Collection

Potassium transport and plant adaptation to hostile environments

Potassium is an essential macronutrient that plays a critical role in numerous physiological and biochemical processes in plants such as enzyme activation, stabilization of protein synthesis, tropisms, stomata functioning, membrane potential control and charge balance, phloem loading, and cytosolic pH homeostasis. In recent years evidence has emerged for the role of potassium as a signalling molecule, with implications to cell fate determination, plant development, and stress signalling.
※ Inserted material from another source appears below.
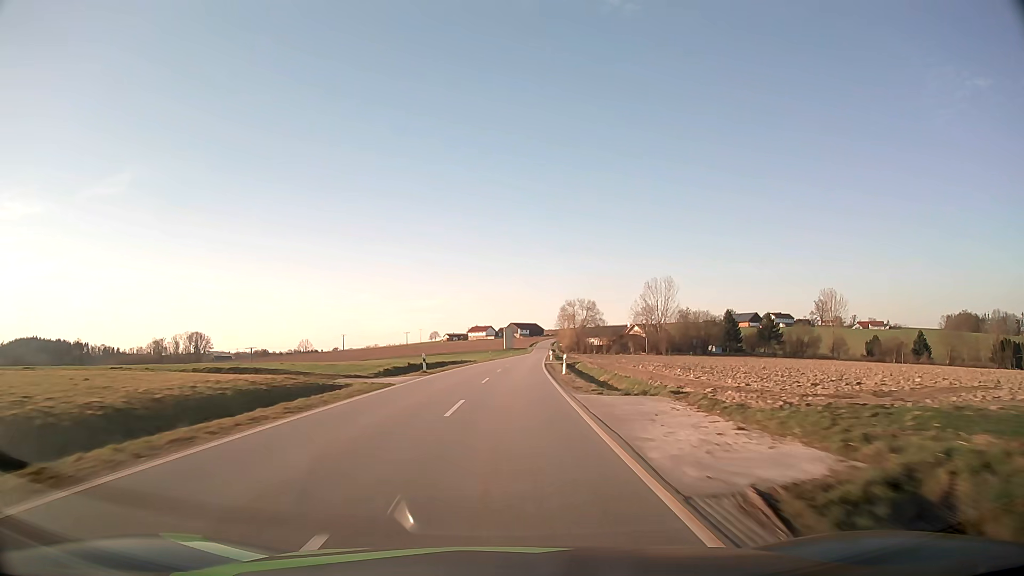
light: Day
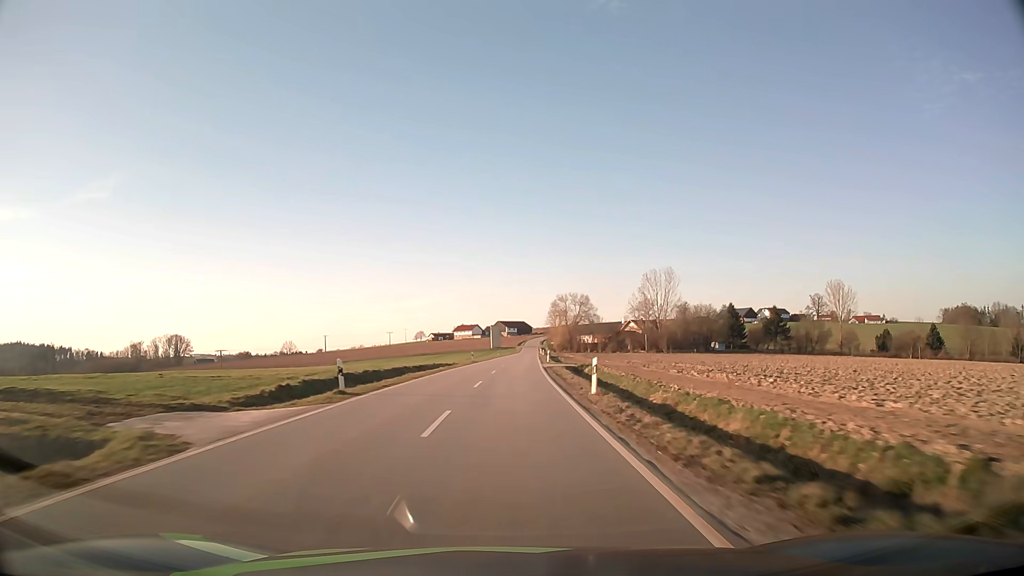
(+0.2, +15.3) m; +1°
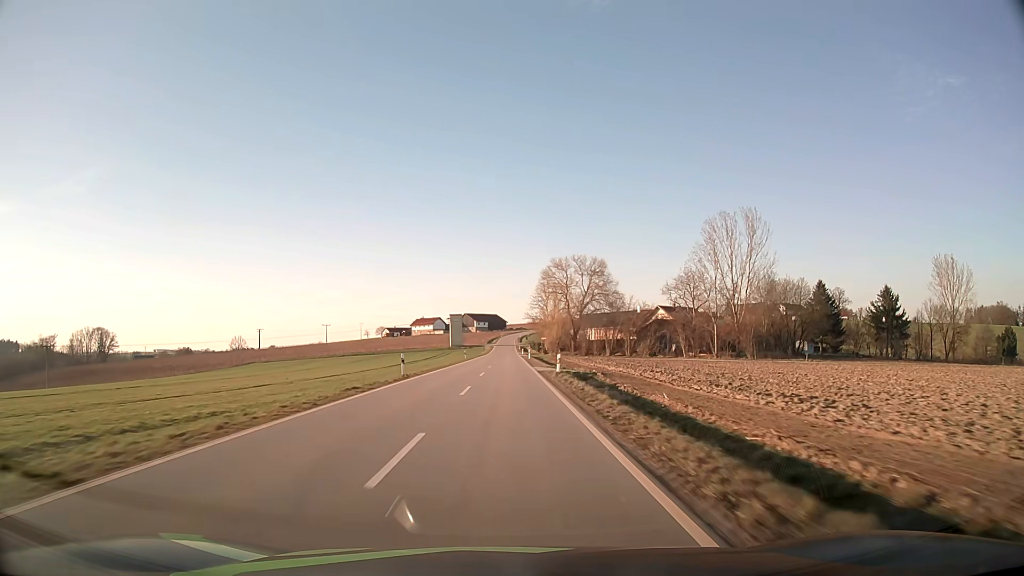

This Special Issue aims to summarize the current knowledge on operation of potassium transport in plant adaptive responses to major abiotic tresses. This includes (but not limited to) drought, salinity, flooding, temperature extremes, oxidative stress, and nutrient deficiencies and toxicities. As such, we welcome articles focusing on the role of K+ in stress sensing and signalling, its radial and long-distant transport, the role and operational modes of specific K+ transporters in plant adaptation to hostile environments, and the causal link between K+ nutrition/homeostasis and cell development, programmed cell death, autophagy, and retrograde signalling.

Submission instructions

Before submitting your manuscript, please ensure you have carefully read the Submission Guidelines for Stress Biology. The complete manuscript should be submitted online through: https://www.editorialmanager.com/sbio

To ensure that you submit to the correct special issue, please select the appropriate special issue title under the 'Additional information' tab upon submission. In addition, indicate within your cover letter that you wish your manuscript to be considered as part of the special issue 'Potassium transport and plant adaptation to hostile environments'.

All submissions will undergo rigorous peer review and accepted articles will be published within the journal as a collection.